_Assignment_
A faithful, picture-free copy of the listing below is required.

_Data excerpt_
######

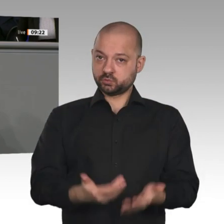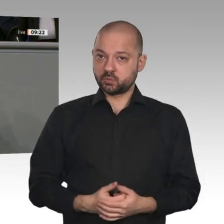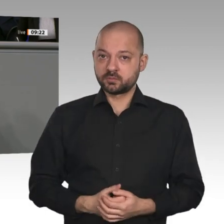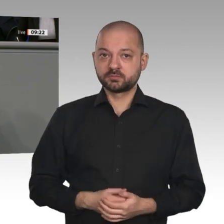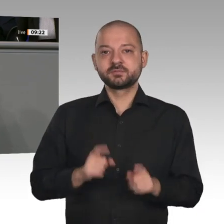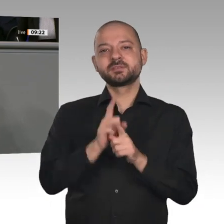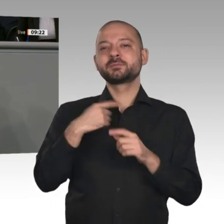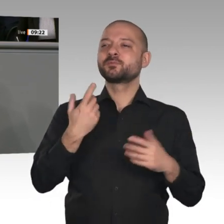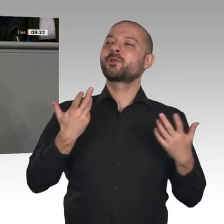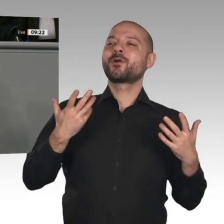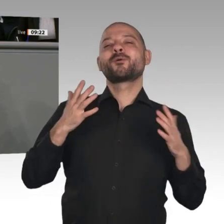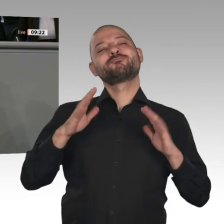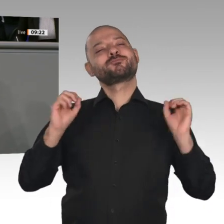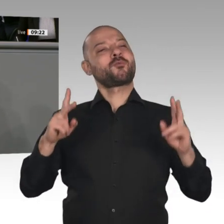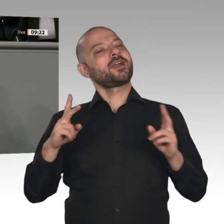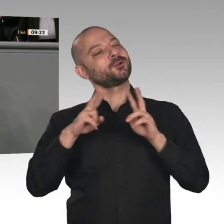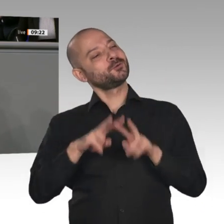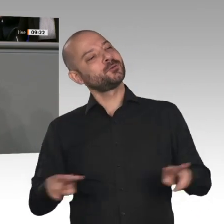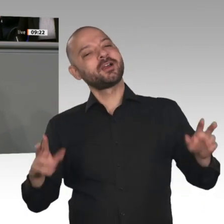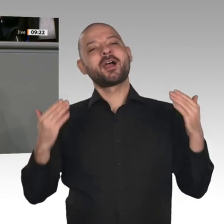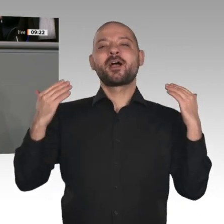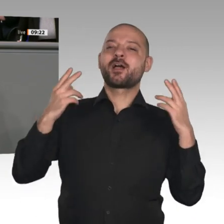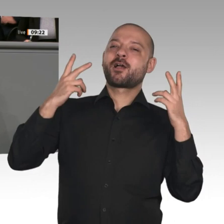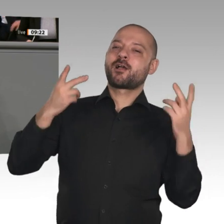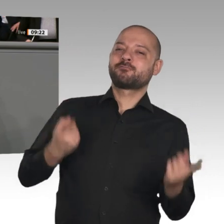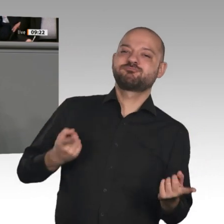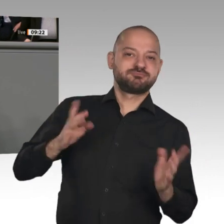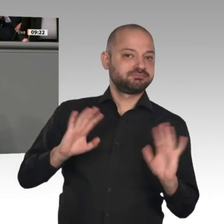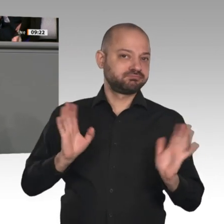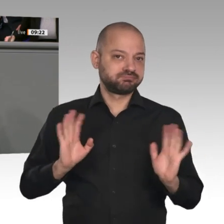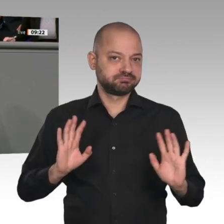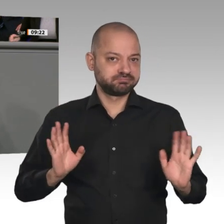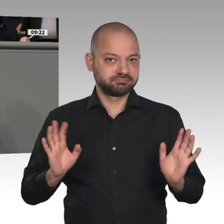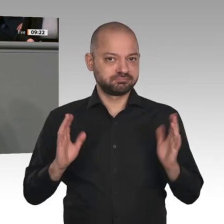von Wirtschaft, Arbeit und der sozialen Frage. Wir wollen die globale Wettbewerbsfähigkeit
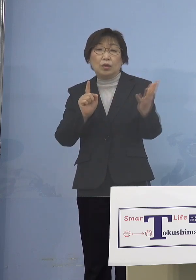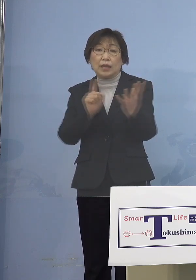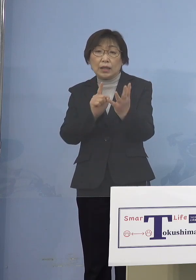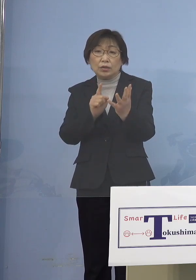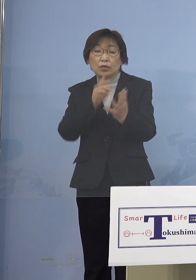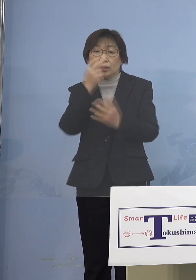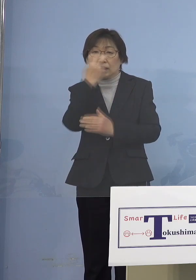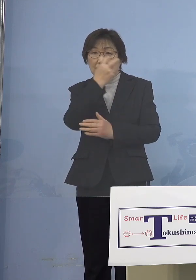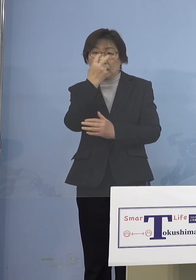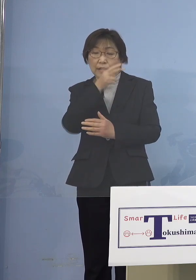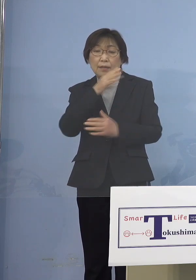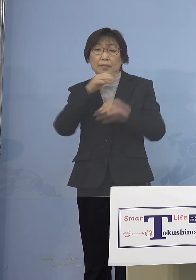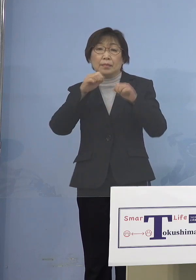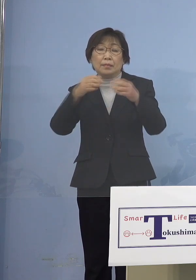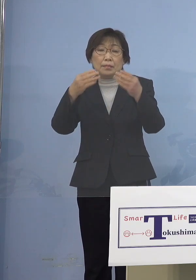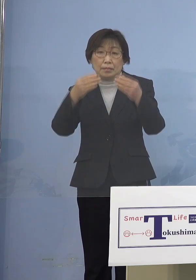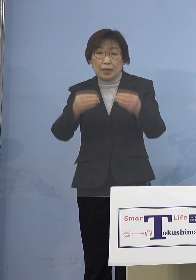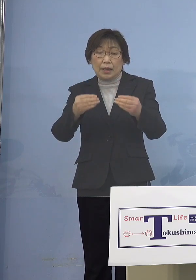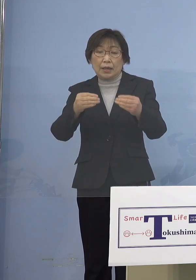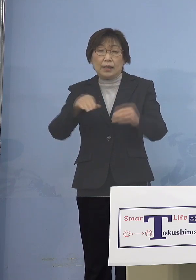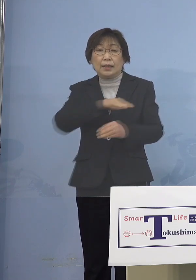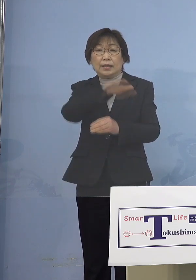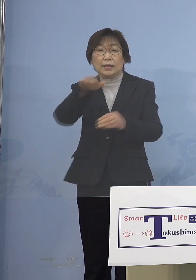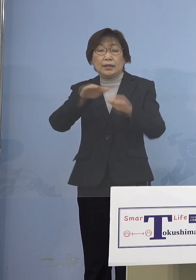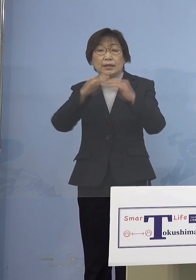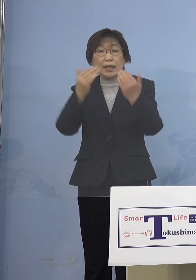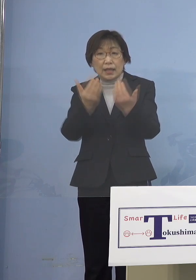全員の陰性を確認しております
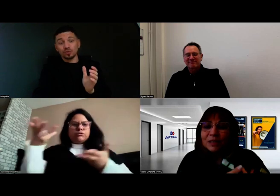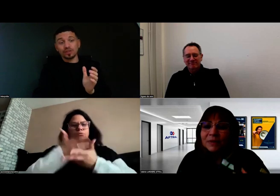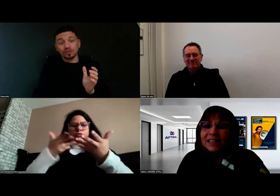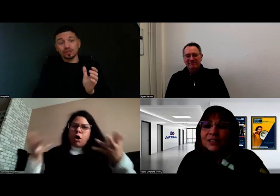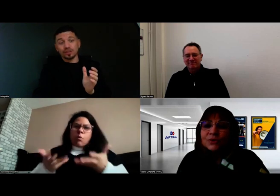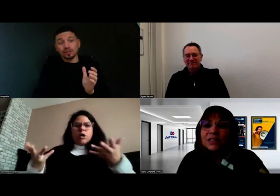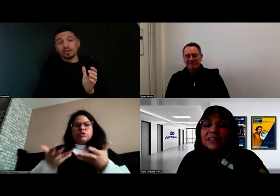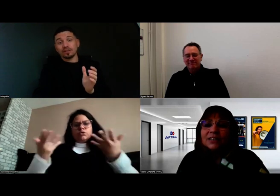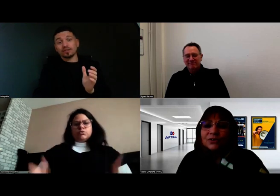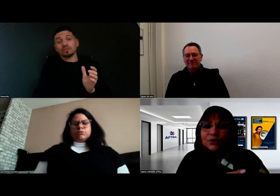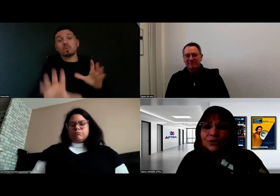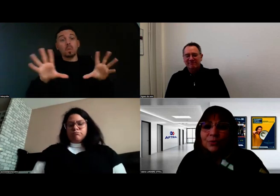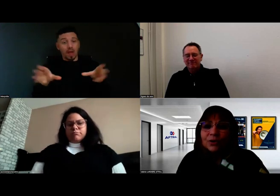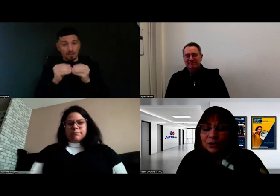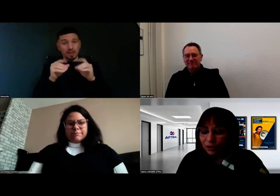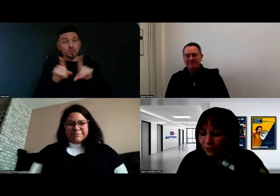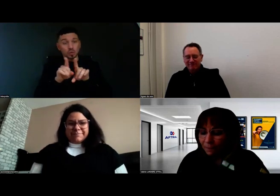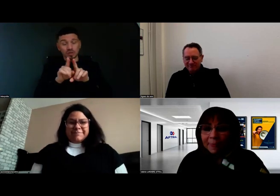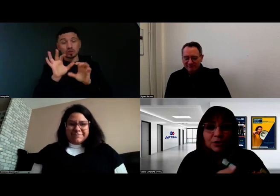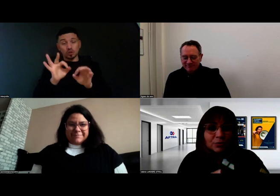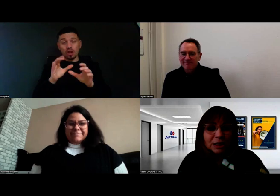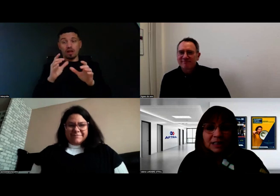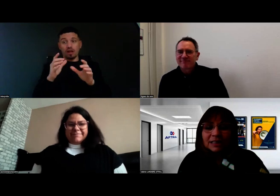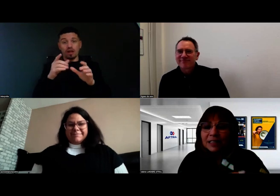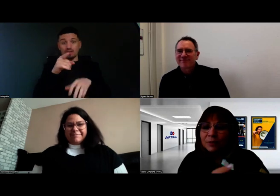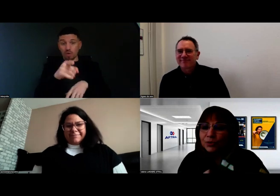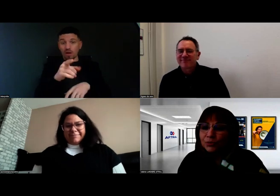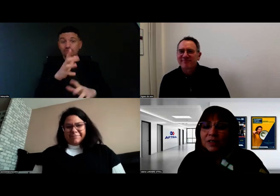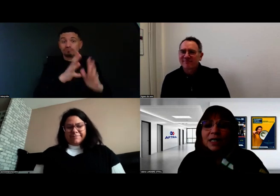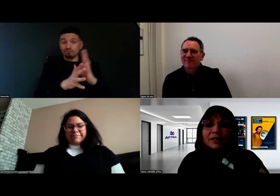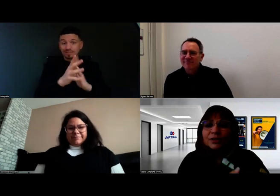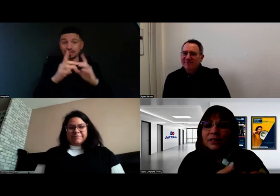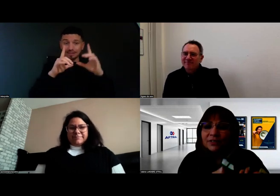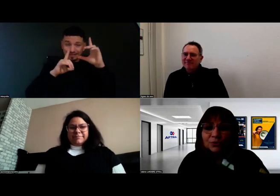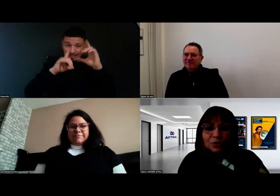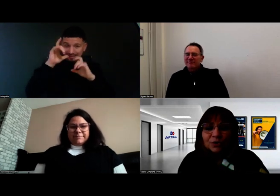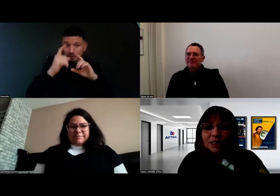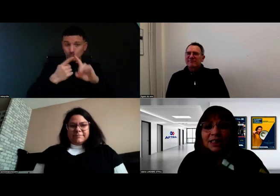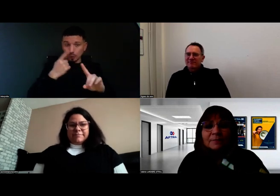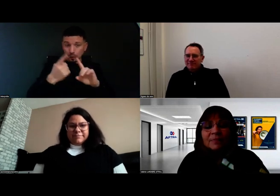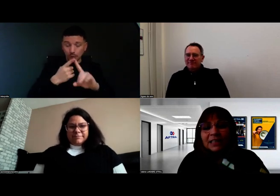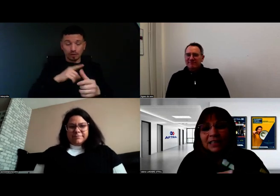On capitalise aussi justement ensemble, comme vous le dites, l'expression du visage, la façon de communiquer.

######

_Reply to the exercise_
von Wirtschaft, Arbeit und der sozialen Frage. Wir wollen die globale Wettbewerbsfähigkeit
全員の陰性を確認しております
On capitalise aussi justement ensemble, comme vous le dites, l'expression du visage, la façon de communiquer.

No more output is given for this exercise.